Shotaro, being essentially a person of leisure, and moreover, an exceedingly sociable gent, said, “Well, let’s carry it home for you, shall we?” And with that he and the woman left the shop. They left, and did not return.
Even for someone as happy-go-lucky as Shotaro this behaviour was too much. “This is beyond a joke!” said his friends and relatives, and made a great fuss. Then, on the seventh evening, all of a sudden, he returned. When everyone swarmed round to visit him and asked where on Earth he had got to, Shotaro replied that he and the woman had taken a train to the mountains.
It must have been a very long journey. According to Shotaro’s story they alighted from the train and stepped directly into a field. The field was immensely broad and wherever they turned their gaze there was nothing but green grass. They walked together over the grass until they came suddenly to the edge of a cliff, when the woman said to Shotaro, “Would you be so kind as to jump off here?”
Shotaro peered over the edge. He could see the cliff face, but not the bottom. Once again Shotaro removed his panama and thrice declined the woman’s invitation. At this the woman said, “If you do not go ahead and take the plunge, you will be licked by a pig. Well? Do you understand?”
The two things Shotaro hated most in the world were pigs and the recitalist Kumoemon. However, thinking his aversion not worth dying for, Shotaro, as might be expected, declined to jump. Immediately a pig came snorting in his direction.
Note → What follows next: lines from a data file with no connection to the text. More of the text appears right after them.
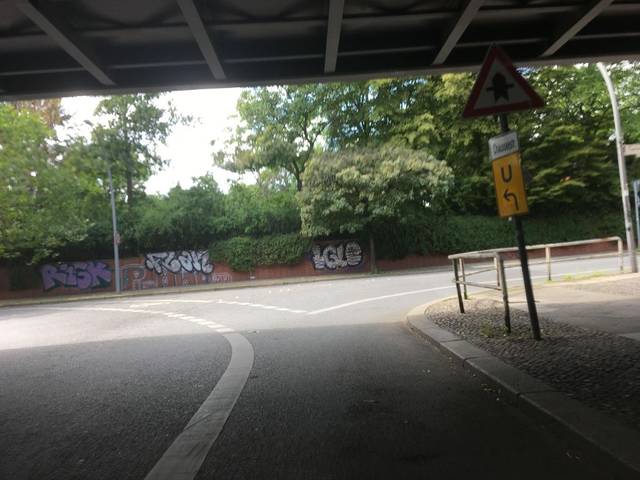
Region: Germany
Coordinates: 52.541, 13.38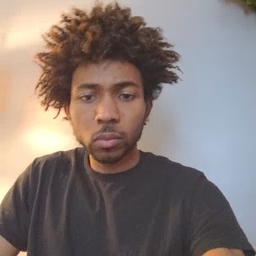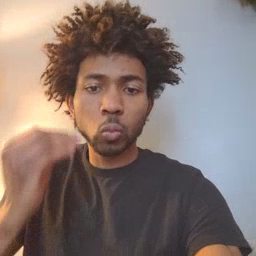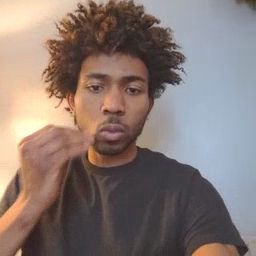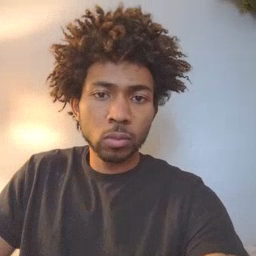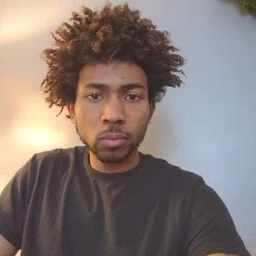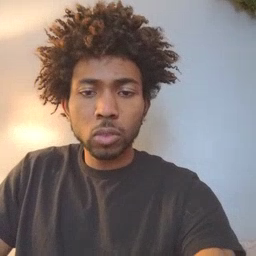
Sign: kiss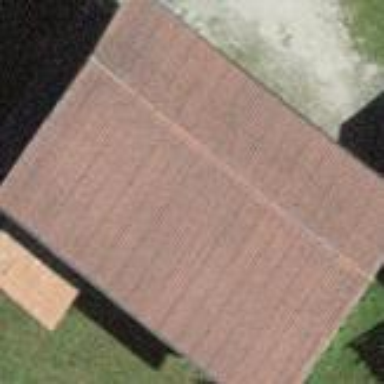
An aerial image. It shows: Rural barn.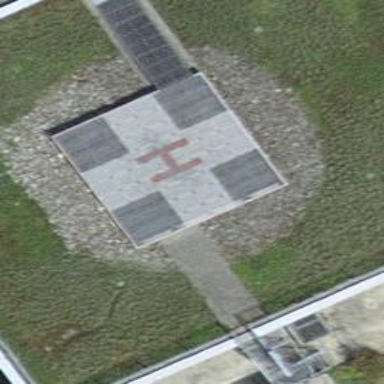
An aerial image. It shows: Image showing helipad at airport.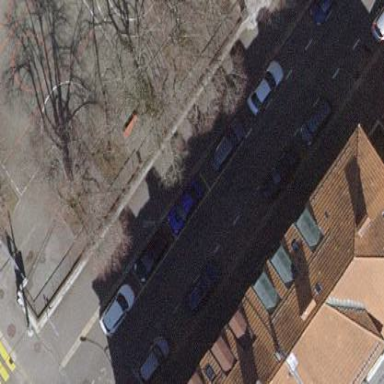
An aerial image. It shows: Street-side parallel parking available at this location.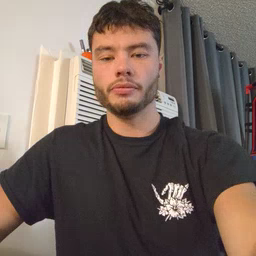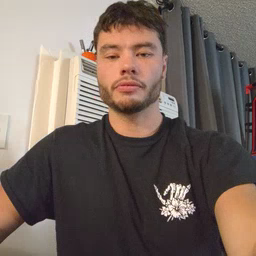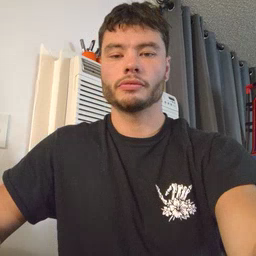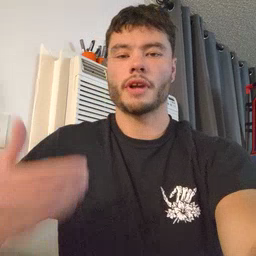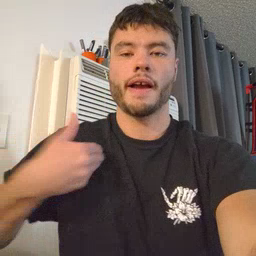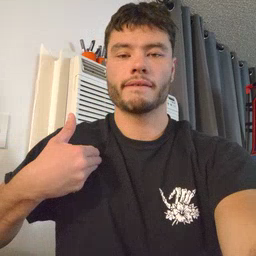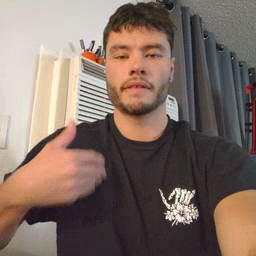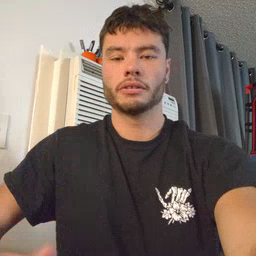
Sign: have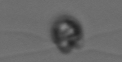
Label: flagellate_morphotype1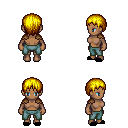
a pixel art fantasy rpg character, female body template, human, dark skin, leather shoulder armor, teal pants, blonde plain hairstyle, black slippers, four views (front, back, left, right), 2x2 character sprite sheet, small pixel art, hard edges, no anti-aliasing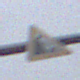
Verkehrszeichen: SteinschlagLinks
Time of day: MorningAfternoon
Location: Outdoor (Suburban)
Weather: Overcast
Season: NotSpecified
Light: Natural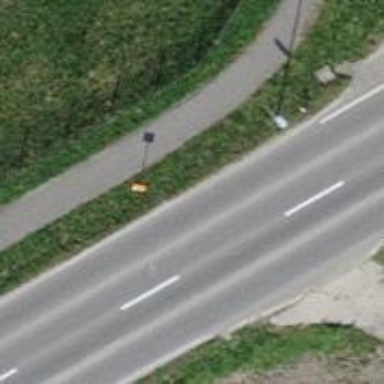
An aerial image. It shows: Pole with roof-covered pipeline marker.

Shotaro had no choice but to strike the swine upon the tip if its snout with the slender cane of betel-nut palm that he carried. Squealing, the pig toppled over the edge, tumbling to the bottom of the cliff.
Just as Shotaro counted ‘one’ with a sigh of relief, another swine came rushing in, intent on rubbing its huge snout against him. With no time to do anything else, Shotaro once again wielded his cane. The pig squealed and, just like its predecessor, tumbled head over heels to the bottom of the precipice. No sooner had it done so than another appeared. This time, suddenly, something caught Shotaro’s attention. Looking up he saw, from the farthest reaches of the grassy green meadow, what must have been tens of thousands of pigs – more than he could count – all in a straight line, bearing down in a snorting melee upon Shotaro, where he stood at the head of the cliff. He felt terror in the deepest chamber of his heart. However, there was nothing he could do, and so he just went on neatly striking the swine on the tips of their snouts, one by one, with the betel-nut cane. Strangely, all he had to do was give them the merest tap on the nose and they toppled over, tumbling to the bottom of the chasm below. Peering over the edge he could see a line of pigs disappearing, head over heels, into what seemed to be bottomless space. When he thought that he had propelled this many pigs into the chasm, he himself grew afraid. But the pigs kept on coming, one after the other. With a power as if black clouds had grown feet and were ploughing through the grass, they came snorting on, inexhaustible.
Shotaro marshalled his courage in desperation, and continued to strike the pigs’ snouts for seven days and six nights. But at last, his spirit utterly used up, his hands weak as jelly, he was licked by a pig. Then he collapsed upon the cliff edge.
Ken-san told Shotaro’s story thus far and said, “And so you see, it doesn’t do to chase after women too much.”
I, too, thought this was a reasonable conclusion. However, Ken-san said that he wanted Shotaro’s panama hat.
Shotaro was beyond help. The panama was rightfully Ken-san’s now.